Study | Film | ext | neur | imp | soc | lie | traitanx | state1 | EA1 | TA1 | PA1 | NA1 | EA2 | TA2 | PA2 | NA2 | state2 | MEQ | BDI |
---|---|---|---|---|---|---|---|---|---|---|---|---|---|---|---|---|---|---|---|
maps | 3 | 18 | 9 | 7 | 10 | 3 | 24 | 22 | 24 | 14 | 26 | 2 | 6 | 5 | 7 | 4 | NA | NA | 0.0476190 |
maps | 3 | 16 | 12 | 5 | 8 | 1 | 41 | 40 | 9 | 13 | 10 | 4 | 4 | 14 | 5 | 5 | NA | NA | 0.3333333 |
maps | 3 | 6 | 5 | 3 | 1 | 2 | 37 | 44 | 1 | 14 | 4 | 2 | 2 | 15 | 3 | 1 | NA | NA | 0.1904762 |
maps | 3 | 12 | 15 | 4 | 6 | 3 | 54 | 40 | 5 | 15 | 1 | 0 | 4 | 15 | 0 | 2 | NA | NA | 0.3846154 |
maps | 3 | 14 | 2 | 5 | 6 | 3 | 39 | 67 | 12 | 20 | 7 | 13 | 14 | 15 | 16 | 13 | NA | NA | 0.3809524 |
maps | 1 | 6 | 15 | 2 | 4 | 5 | 51 | 38 | 9 | 14 | 5 | 1 | 7 | 12 | 2 | 2 | NA | NA | 0.2380952 |
The following code implements a simple SEM with only a single
manifest variables and two parameters, the mean of state anxiety after
having watched a movie (state2
), μ, and the variance of state
anxiety, σ2.
library(OpenMx)
manifests<-c("state2")
latents<-c()
model <- mxModel("Univariate Normal Model",
type="RAM",
manifestVars = manifests,
latentVars = latents,
mxPath(from="one",to=manifests, free=c(TRUE),
value=c(50.0) , arrows=1, label=c("mu") ),
mxPath(from=manifests,to=manifests, free=c(TRUE),
value=c(100.0) , arrows=2, label=c("sigma2") ),
mxData(affect, type = "raw")
);
result <- mxRun(model)
#> Running Univariate Normal Model with 2 parameters
These are the estimates of the model when run on the entire sample:
summary(result)
#> Summary of Univariate Normal Model
#>
#> free parameters:
#> name matrix row col Estimate Std.Error A
#> 1 sigma2 S state2 state2 115.05414 12.4793862
#> 2 mu M 1 state2 42.45118 0.8226717
#>
#> Model Statistics:
#> | Parameters | Degrees of Freedom | Fit (-2lnL units)
#> Model: 2 168 1289.158
#> Saturated: 2 168 NA
#> Independence: 2 168 NA
#> Number of observations/statistics: 330/170
#>
#> Information Criteria:
#> | df Penalty | Parameters Penalty | Sample-Size Adjusted
#> AIC: 953.1576 1293.158 1293.194
#> BIC: 314.9100 1300.756 1294.412
#> CFI: NA
#> TLI: 1 (also known as NNFI)
#> RMSEA: 0 [95% CI (NA, NA)]
#> Prob(RMSEA <= 0.05): NA
#> To get additional fit indices, see help(mxRefModels)
#> timestamp: 2024-10-31 05:37:17
#> Wall clock time: 0.01520777 secs
#> optimizer: SLSQP
#> OpenMx version number: 2.21.13
#> Need help?

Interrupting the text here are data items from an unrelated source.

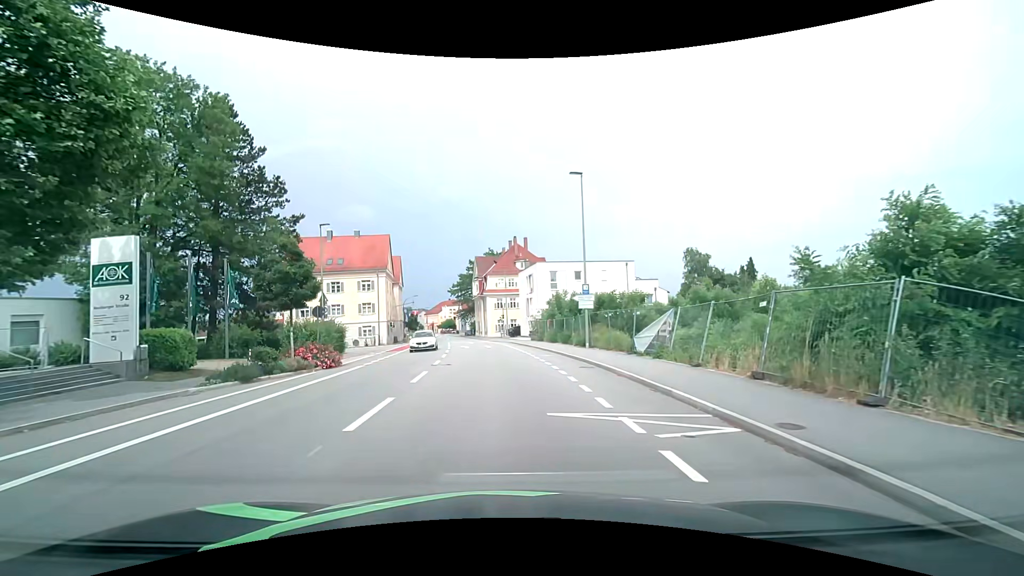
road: tertiary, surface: asphalt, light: Day
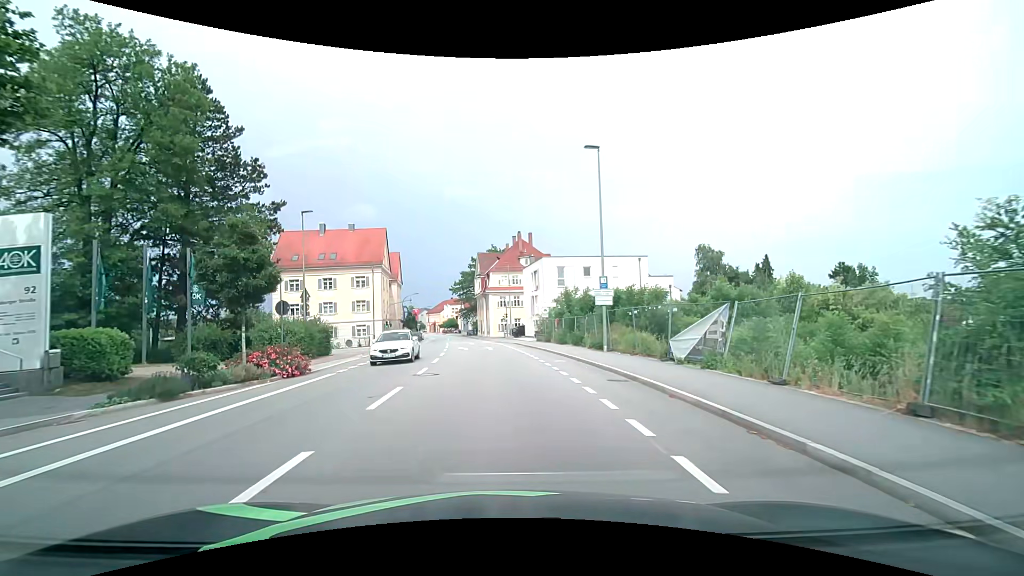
(0.0, +4.2) m; 0°
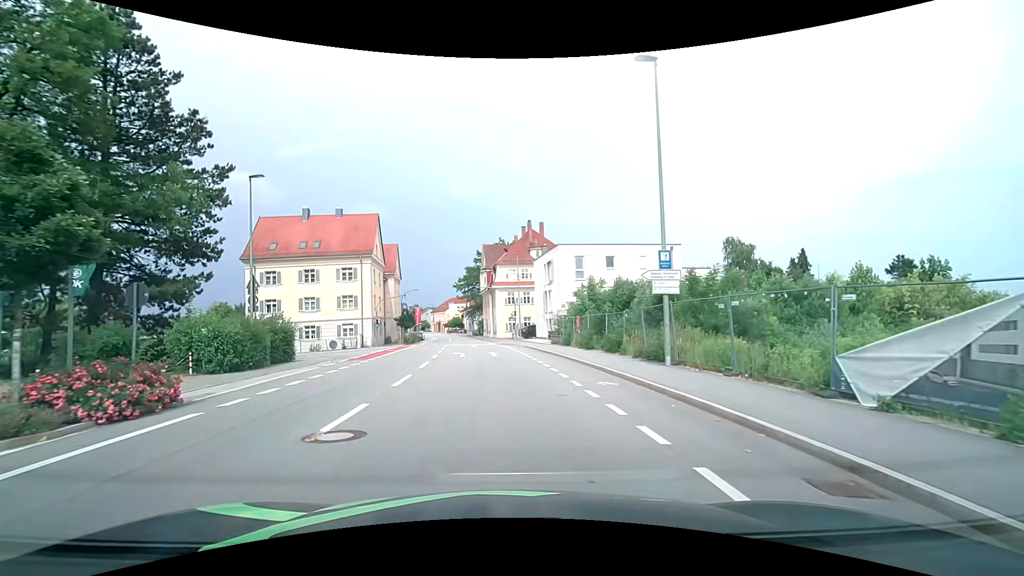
(-0.1, +8.3) m; -1°
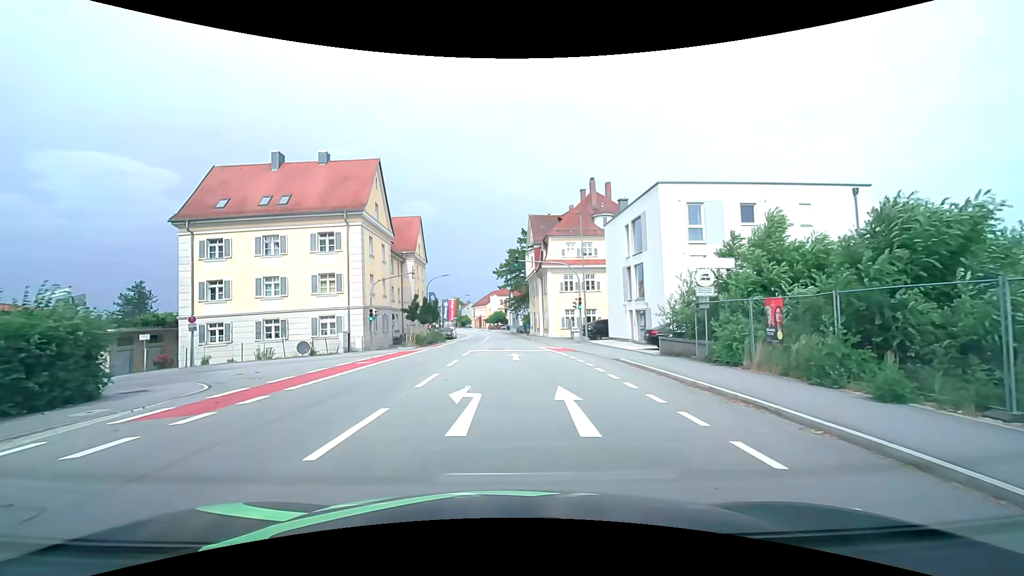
(-0.9, +18.9) m; -6°
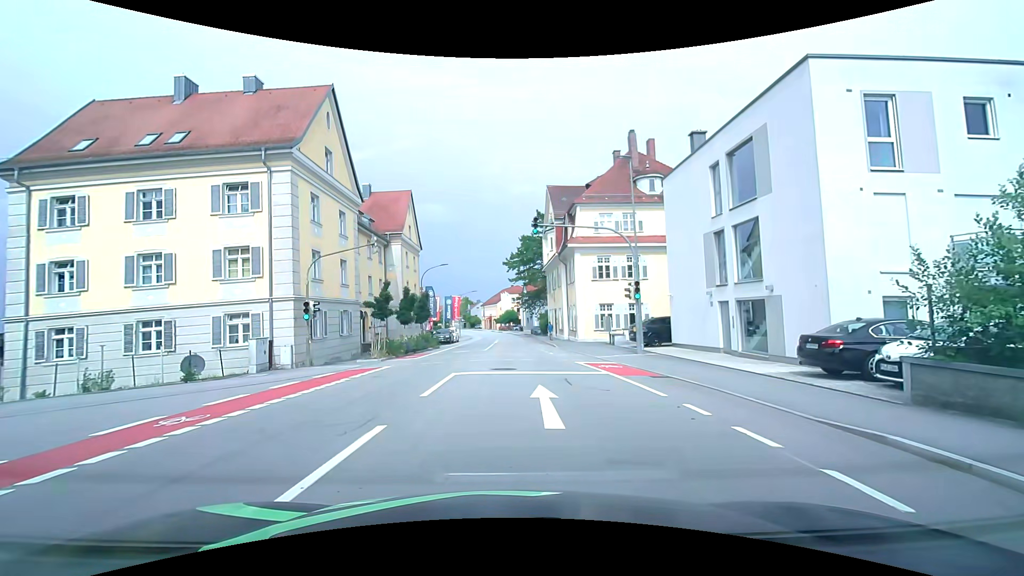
(0.0, +12.9) m; -1°
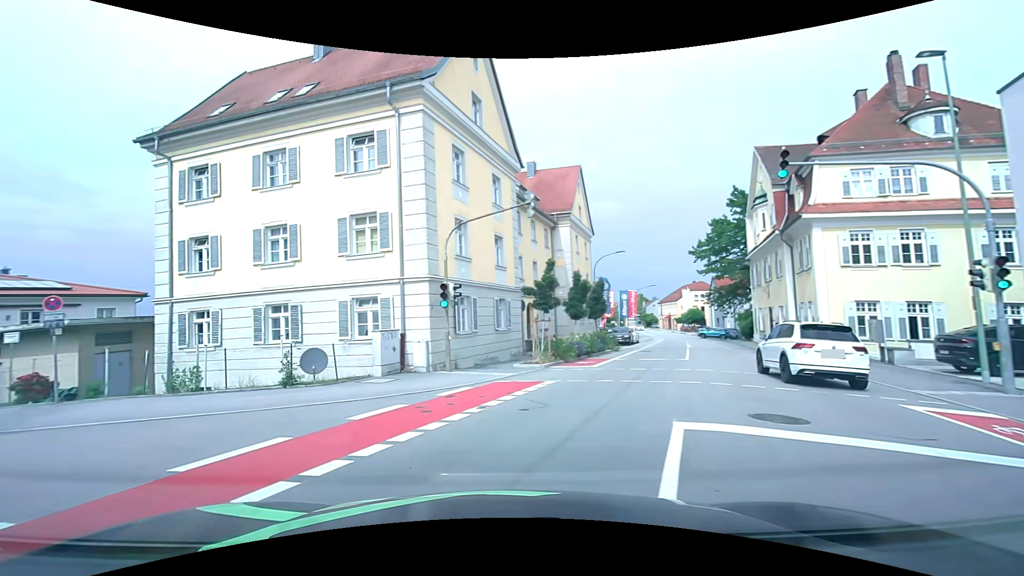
(-0.9, +7.6) m; -20°
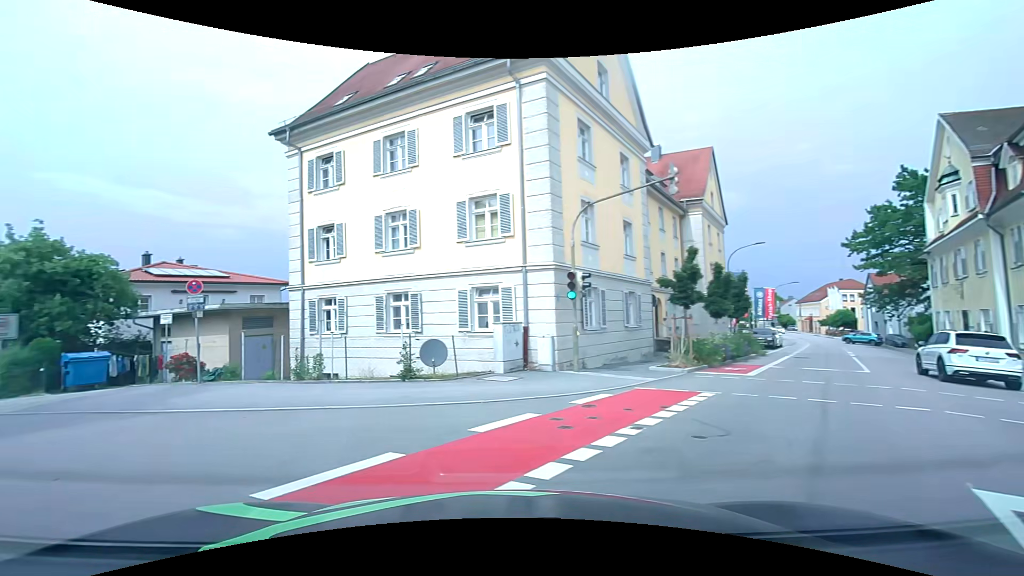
(-0.2, +2.0) m; -13°
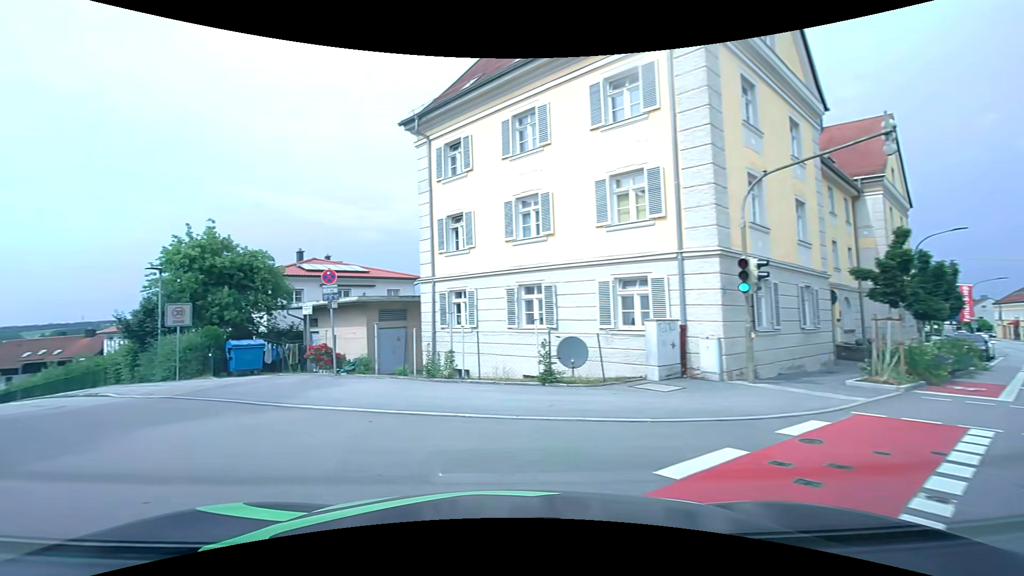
(-0.2, +2.0) m; -13°

See help(mxSummary)
Create a forest control object that stores all tuning parameters of the forest. Note that we use only 5 trees for illustration. Please increase the number in real applications to several hundreds. To speed up computation time, consider score-based test for variable selection in the trees.
control <- semforest_control(num.trees = 5)
print(control)
#> SEM-Forest control:
#> -----------------
#> Number of Trees: 5
#> Sampling: subsample
#> Comparisons per Node: 2
#>
#> SEM-Tree control:
#> ▔▔▔▔▔▔▔▔▔▔
#> ● Splitting Method: fair
#> ● Alpha Level: 1
#> ● Bonferroni Correction:FALSE
#> ● Minimum Number of Cases: NULL
#> ● Maximum Tree Depth: NA
#> ● Number of CV Folds: 5
#> ● Exclude Heywood Cases: FALSE
#> ● Test Invariance Alpha Level: NA
#> ● Use all Cases: FALSE
#> ● Verbosity: FALSE
#> ● Progress Bar: TRUE
#> ● Seed: NA
Now, run the forest using the control
object:
Next, we compute permutation-based variable importance. This may take some time.
vim <- varimp(forest)
print(vim, sort.values=TRUE)
#> Variable Importance
#> Study Film NA2 PA2 TA2 state1
#> 7.746036 11.281160 27.829022 28.542936 67.803211 99.084569
plot(vim)
From this, we can learn that variables such as NA2
representing negative affect (after the movie), TA2
representing tense arousal (after the movie), and state1
representing the state anxiety before having watched the movie, are the
best predictors of difference in the distribution of state anxiety (in
either mean, variance or both) after having watched the movie.